### [Task to carry out]
Print the listing below verbatim, passing over each picture.

### [Task material]
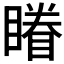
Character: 𰦀
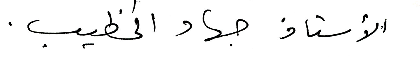
الأستاذ جهاد الخطيب.
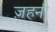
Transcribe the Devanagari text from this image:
ज़हनी
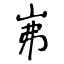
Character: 岪
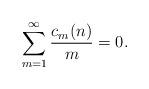
LaTeX: \begin{align*}\sum_{m=1}^{\infty}\frac{c_m(n)}{m}=0. \end{align*}
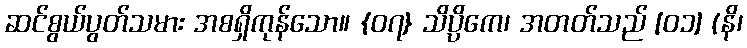
ဆင်စွယ်ပွတ်သမား အစရှိကုန်သော။ {၀၇} သိပ္ပိကေ၊ အတတ်သည် [၀၁] (နိ၊
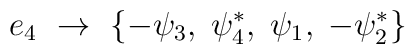
{e_{4}}~\rightarrow ~\{-\psi _{3},\;\psi _{4}^{*},\;\psi _{1},\;-\psi_{2}^{*}\}
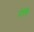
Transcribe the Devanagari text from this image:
पेलि
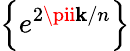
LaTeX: \left\{ e^{2\pii\mathbf{k}/n}\right\}
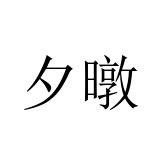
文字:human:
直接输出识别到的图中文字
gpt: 夕暾
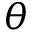
\theta
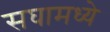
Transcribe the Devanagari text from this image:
सघामध्ये
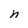
Character: n
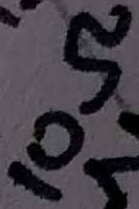
Text: 10Ω
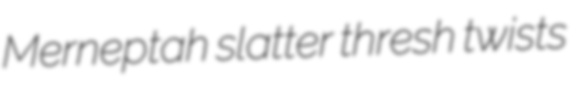
Merneptah slatter thresh twists
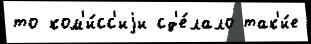
то ком'и́сс'иjи сд'е́лало так'и́е
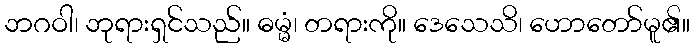
ဘဂဝါ၊ ဘုရားရှင်သည်။ ဓမ္မံ၊ တရားကို။ ဒေသေသိ၊ ဟောတော်မူ၏။
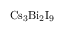
\mathrm { C s _ { 3 } B i _ { 2 } I _ { 9 } }
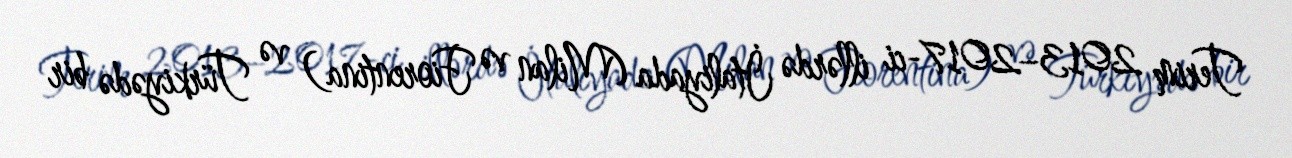
Terim 2013–2017-ci illərdə İtaliyada (Milan və Fiorentina) və Türkiyədə bir
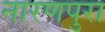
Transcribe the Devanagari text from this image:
नारणपुरा
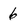
Character: 6
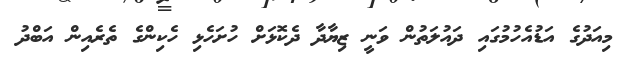
މިއަދުގެ އަޑުއެހުމުގައި ދައުލަތުން ވަނީ ޒިޔާދާ ދެކޮޅަށް ހުށަހެޅި ހެކިންގެ ތެރެއިން އަބްދު
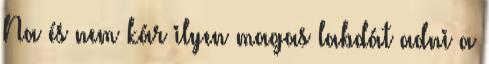
Na és nem kár ilyen magas labdát adni a
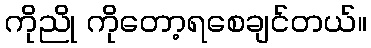
ကိုညို ကိုတော့ရစေချင်တယ်။
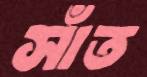
সাঁত
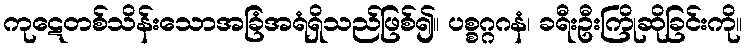
ကုဋေတစ်သိန်းသောအခြံအရံရှိသည်ဖြစ်၍။ ပစ္စဂ္ဂဂနံ၊ ခရီးဦးကြိုဆိုခြင်းကို။
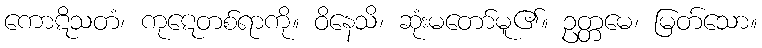
ကောဋိသတံ၊ ကုဋေတစ်ရာကို။ ဝိနေသိ၊ ဆုံးမတော်မူ၏။ ဥတ္တမေ၊ မြတ်သော။
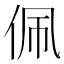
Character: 佩
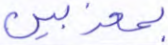
بمعذبين
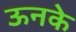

### [Result of this task]
Character: 𰦀
الأستاذ جهاد الخطيب.
Transcribe the Devanagari text from this image:
ज़हनी
Character: 岪
LaTeX: \begin{align*}\sum_{m=1}^{\infty}\frac{c_m(n)}{m}=0. \end{align*}
ဆင်စွယ်ပွတ်သမား အစရှိကုန်သော။ {၀၇} သိပ္ပိကေ၊ အတတ်သည် [၀၁] (နိ၊
{e_{4}}~\rightarrow ~\{-\psi _{3},\;\psi _{4}^{*},\;\psi _{1},\;-\psi_{2}^{*}\}
Transcribe the Devanagari text from this image:
पेलि
LaTeX: \left\{ e^{2\pii\mathbf{k}/n}\right\}
文字:human:
直接输出识别到的图中文字
gpt: 夕暾
\theta
Transcribe the Devanagari text from this image:
सघामध्ये
Character: n
Text: 10Ω
Merneptah slatter thresh twists
то ком'и́сс'иjи сд'е́лало так'и́е
ဘဂဝါ၊ ဘုရားရှင်သည်။ ဓမ္မံ၊ တရားကို။ ဒေသေသိ၊ ဟောတော်မူ၏။
\mathrm { C s _ { 3 } B i _ { 2 } I _ { 9 } }
Terim 2013–2017-ci illərdə İtaliyada (Milan və Fiorentina) və Türkiyədə bir
Transcribe the Devanagari text from this image:
नारणपुरा
Character: 6
މިއަދުގެ އަޑުއެހުމުގައި ދައުލަތުން ވަނީ ޒިޔާދާ ދެކޮޅަށް ހުށަހެޅި ހެކިންގެ ތެރެއިން އަބްދު
Na és nem kár ilyen magas labdát adni a
ကိုညို ကိုတော့ရစေချင်တယ်။
সাঁত
ကုဋေတစ်သိန်းသောအခြံအရံရှိသည်ဖြစ်၍။ ပစ္စဂ္ဂဂနံ၊ ခရီးဦးကြိုဆိုခြင်းကို။
ကောဋိသတံ၊ ကုဋေတစ်ရာကို။ ဝိနေသိ၊ ဆုံးမတော်မူ၏။ ဥတ္တမေ၊ မြတ်သော။
Character: 佩
بمعذبين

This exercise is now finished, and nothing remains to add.